Myeloid cells, such as macrophages and dendritic cells, function as initiators of immunity through the use of pattern recognition receptors and also activators of T cell proliferation and differentiation. Dendritic cells and their importance to protective Giardia immunity has been described, as these cells are a significant source of IL-6 during Giardia infections, and infected IL-6–deficient mice have a defect in parasite clearance (23–25). In contrast, the role of macrophages has not been as well studied, despite their ability to recognize pathogens and contribute to activation of downstream immune responses. Moreover, little work has been done to understand the role of macrophages in vivo during Giardia infections.

Our laboratory has previously identified an increase in a population of intestinal macrophages following G. duodenalis infection that expresses both NO synthase 2 (NOS2) and arginase 1 (ARG1) (26), markers that are used to distinguish between canonical macrophage subsets: inflammatory M1 (NOS2⁺) and regulatory M2 (ARG1⁺) macrophages. Similarly, following G. muris infections in IL-10–deficient mice, there is an expansion of colonic CD11b⁺, CD11c⁻ macrophages that resulted in the inflammation of the colon, suggesting that macrophages have a role in downregulating inflammatory signals in wild-type (WT) mice (27). In murine primary cell cultures, thioglycollate-derived peritoneal macrophages also were reported to release extracellular traps in response to Giardia trophozoites to ensnare parasites (28), and human macrophages are also reported to be able to phagocytize Giardia trophozoites (29–31). However, beyond these reports, it is unclear if macrophages have an important influence on Giardia immunity. As such, the goals of this study were to further define the phenotype of accumulating duodenal macrophages, to determine the mechanism of macrophage accumulation during infection, and to assess the role of these cells in Giardia immunity as possible activators of T cells or as effector cells contributing to control of the infection.

In this study, we further define the phenotype of accumulating macrophages to be F4/80⁺, CD11b⁺, CD11c^int, CX3CR1⁺, MHC class II⁺ (MHCII⁺), Ly6C⁻ cells that express both ARG1 and NOS2. We also show that macrophage accumulation was not impeded in CCR2^−/− mice and, instead, 5-ethynyl-2′-deoxyuridine (EdU) proliferation studies revealed that tissue-resident macrophages accumulate within the intestine postinfection. Last, we show that depletion of macrophages does not inhibit parasite clearance and that induction of critical Th17 cellular responses were not impacted, suggesting that macrophages are dispensable for protection.

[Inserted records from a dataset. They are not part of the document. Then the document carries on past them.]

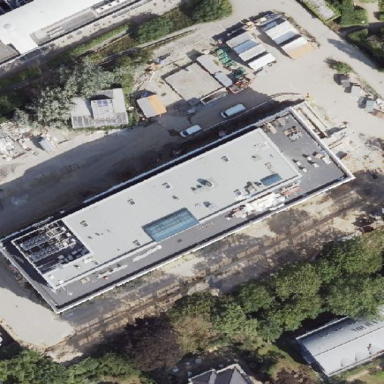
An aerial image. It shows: University building.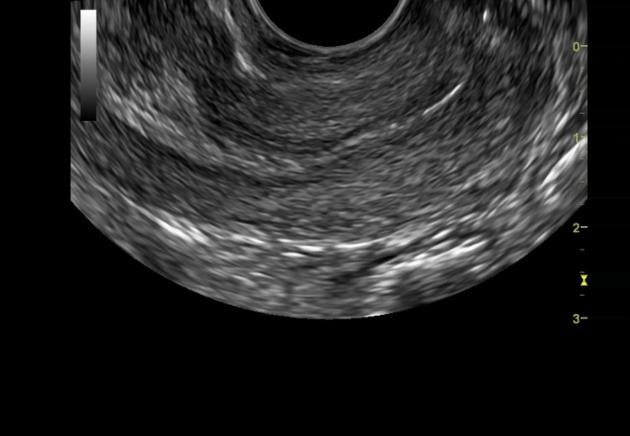
Label: notinfected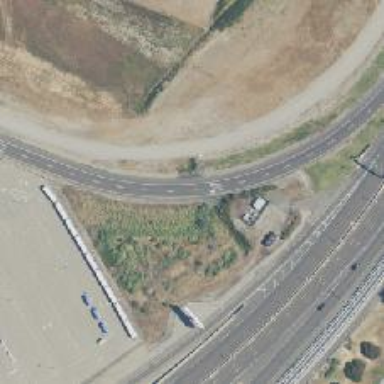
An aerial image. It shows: Trunk link highway.
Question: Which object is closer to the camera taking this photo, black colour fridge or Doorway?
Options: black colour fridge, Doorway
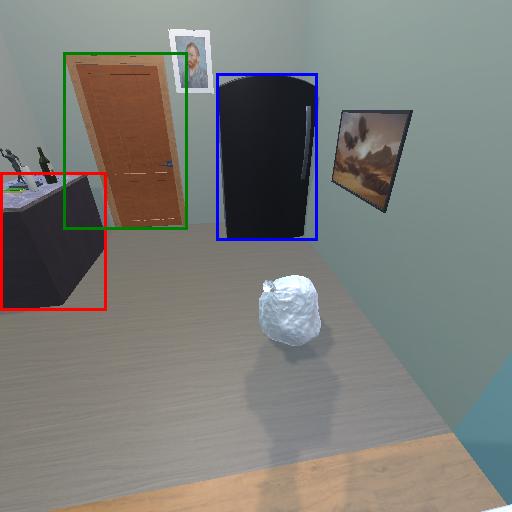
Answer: black colour fridge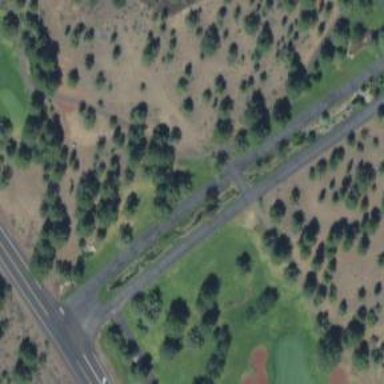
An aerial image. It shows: Path for both road and golf.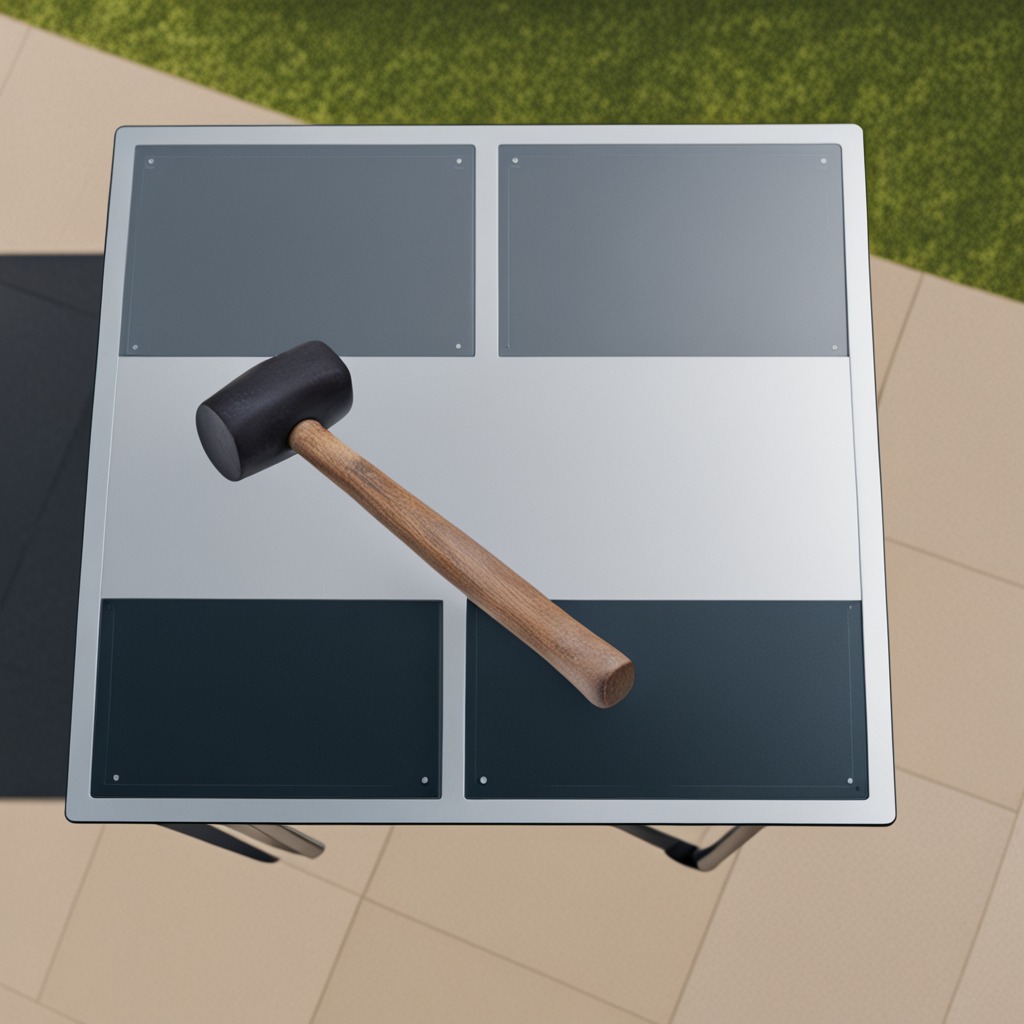
A hammer is lying on a clean utility table in a temporary outdoor tool station.

G. lamblia (strain GS/M/H7) was obtained from American Type Culture Collection, Manassas, VA (catalog no. 50581). Parasites were cultured in standard TYI-S-33 medium supplemented with bovine bile, l-cysteine, ascorbic acid, and an antibiotic-antimycotic solution (Sigma-Aldrich, St. Louis, MO). In preparation for infection, Giardia trophozoites were thoroughly washed in PBS for several cycles and then resuspended in PBS. Mice were infected via gavage with 1 × 10⁶ Giardia trophozoites in 0.1 ml of PBS. Following euthanasia, parasites were counted from intestinal segments extracted from infected animals by icing duodenum segments (3–5 cm immediately distal to the ligament of Treitz) for 30 min in PBS. Intestinal sections were then minced, and trophozoites were counted on a hemocytometer.

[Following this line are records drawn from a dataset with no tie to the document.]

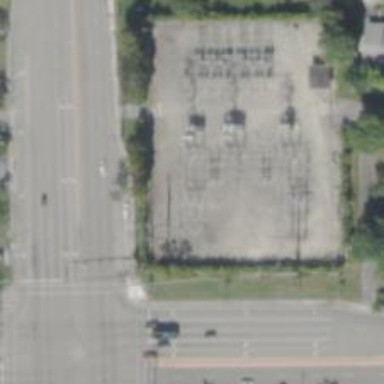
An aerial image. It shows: Switch used for power control.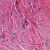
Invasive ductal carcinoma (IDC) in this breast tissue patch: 0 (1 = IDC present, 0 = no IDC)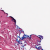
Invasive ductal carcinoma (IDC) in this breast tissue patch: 0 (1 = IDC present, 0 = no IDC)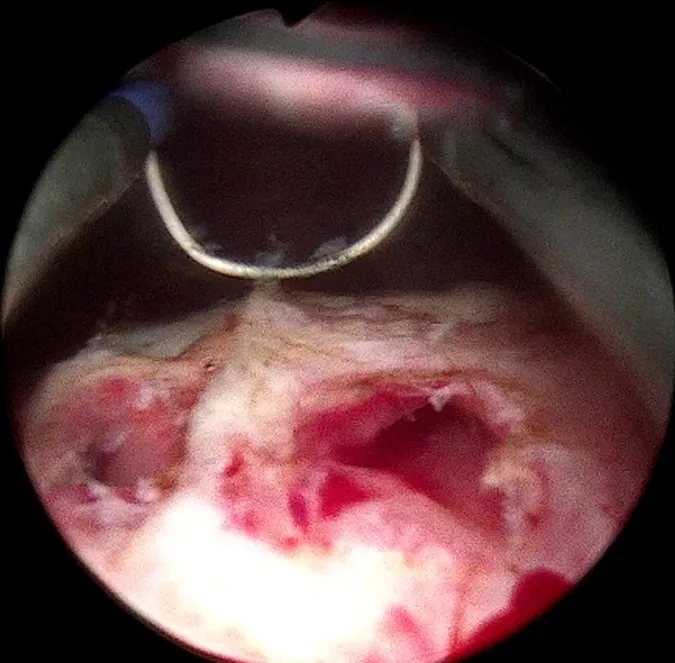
cystoscopic image after ureterocelotomy; ureterocelotomy was performed using puncture-electrocoagulation.
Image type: endoscopy (arthroscopy)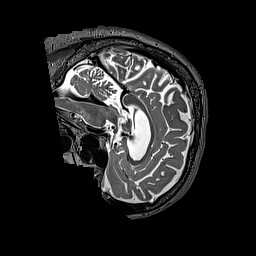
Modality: T2w
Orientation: sagittal
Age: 70
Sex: male
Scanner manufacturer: siemens
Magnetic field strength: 3 T
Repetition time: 3.2 s
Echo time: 0.567 s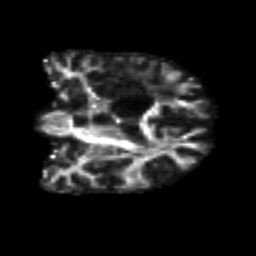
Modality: FA
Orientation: coronal
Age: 57
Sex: male
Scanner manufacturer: siemens
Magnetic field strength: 3 T
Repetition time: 4.987 s
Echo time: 0.0792 s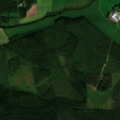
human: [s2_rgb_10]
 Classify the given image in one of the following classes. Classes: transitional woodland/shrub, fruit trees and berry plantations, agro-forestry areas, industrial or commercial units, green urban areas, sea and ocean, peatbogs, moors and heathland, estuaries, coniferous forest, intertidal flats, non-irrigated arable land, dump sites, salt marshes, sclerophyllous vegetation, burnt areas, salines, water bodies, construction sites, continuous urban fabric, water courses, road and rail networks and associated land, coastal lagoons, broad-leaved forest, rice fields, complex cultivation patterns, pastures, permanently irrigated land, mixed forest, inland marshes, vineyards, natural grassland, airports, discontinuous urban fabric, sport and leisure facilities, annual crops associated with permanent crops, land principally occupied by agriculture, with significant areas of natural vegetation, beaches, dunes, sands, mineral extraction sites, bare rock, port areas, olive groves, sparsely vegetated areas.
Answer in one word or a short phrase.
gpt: land principally occupied by agriculture, with significant areas of natural vegetation, coniferous forest, mixed forest, transitional woodland/shrub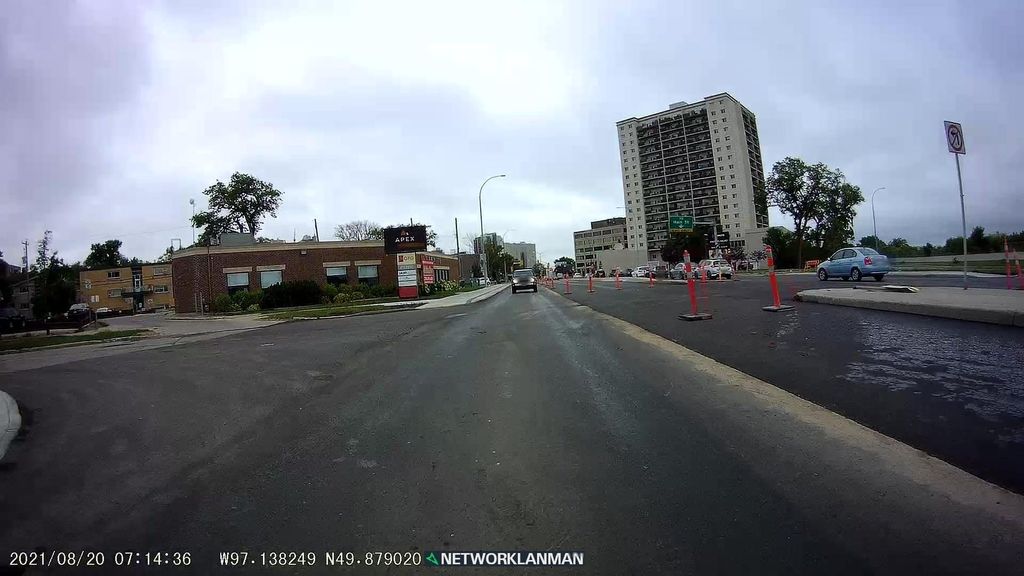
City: winnipeg

C57BL/6J, CCR2^−/− (B6.129S4-Ccr2^tm1Ifc/J) and CX3CR1-GFP (B6.129P2(Cg)-Cx3cr1^tm1Litt/J) mice were obtained from The Jackson Laboratory (Bar Harbor, ME) and kept under specific pathogen-free conditions at Georgetown University. CX3CR1-GFP were bred at Georgetown University, and all littermates were used for comparative infection experiments. All experiments were performed with the approval of the Georgetown University Animal Care and Use Committee.

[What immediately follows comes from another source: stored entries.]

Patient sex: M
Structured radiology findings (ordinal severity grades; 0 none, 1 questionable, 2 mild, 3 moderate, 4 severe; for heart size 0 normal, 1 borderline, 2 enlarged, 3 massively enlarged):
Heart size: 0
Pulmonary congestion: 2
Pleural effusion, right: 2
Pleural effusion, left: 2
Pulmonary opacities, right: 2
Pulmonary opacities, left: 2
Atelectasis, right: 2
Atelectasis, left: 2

Intestinal segments from individual mice were digested to liberate cells residing within the duodenal lamina propria of the small intestine (32). Briefly, segments were excised, Peyer patches removed, and intestinal segments were opened longitudinally. Segments were then minced into small segments and washed in complete medium (CM) (HBSS supplemented with 2% FBS and 1× antibiotic-antimycotic solution) with 1 mM DTT for 15 min at 37°C within a shaking incubator to remove luminal mucous. Segments were then washed with CM and 1.3 mM EDTA as before to remove epithelial cells. Tissues were washed three times with CM and then resuspended in RMPI 1640 supplemented with 2% FBS, 1× antibiotic-antimycotic solution, 1 mg/ml type IV collagenase, and 0.5 mg/ml DNAse (digestion medium) and digested at the same speed and temperature with shaking to digest tissue. Finally, tissues were passed through a 40-μm cell strainer in preparation for staining. If intestinal segments were pooled for digestion, the pooled duodena were fractionated to collect lamina propria cells as described (33). After enzymatic digestion, the lamina propria fraction was separated on a Percoll (Sigma-Aldrich) gradient to enrich for leukocytes and remove dead cells.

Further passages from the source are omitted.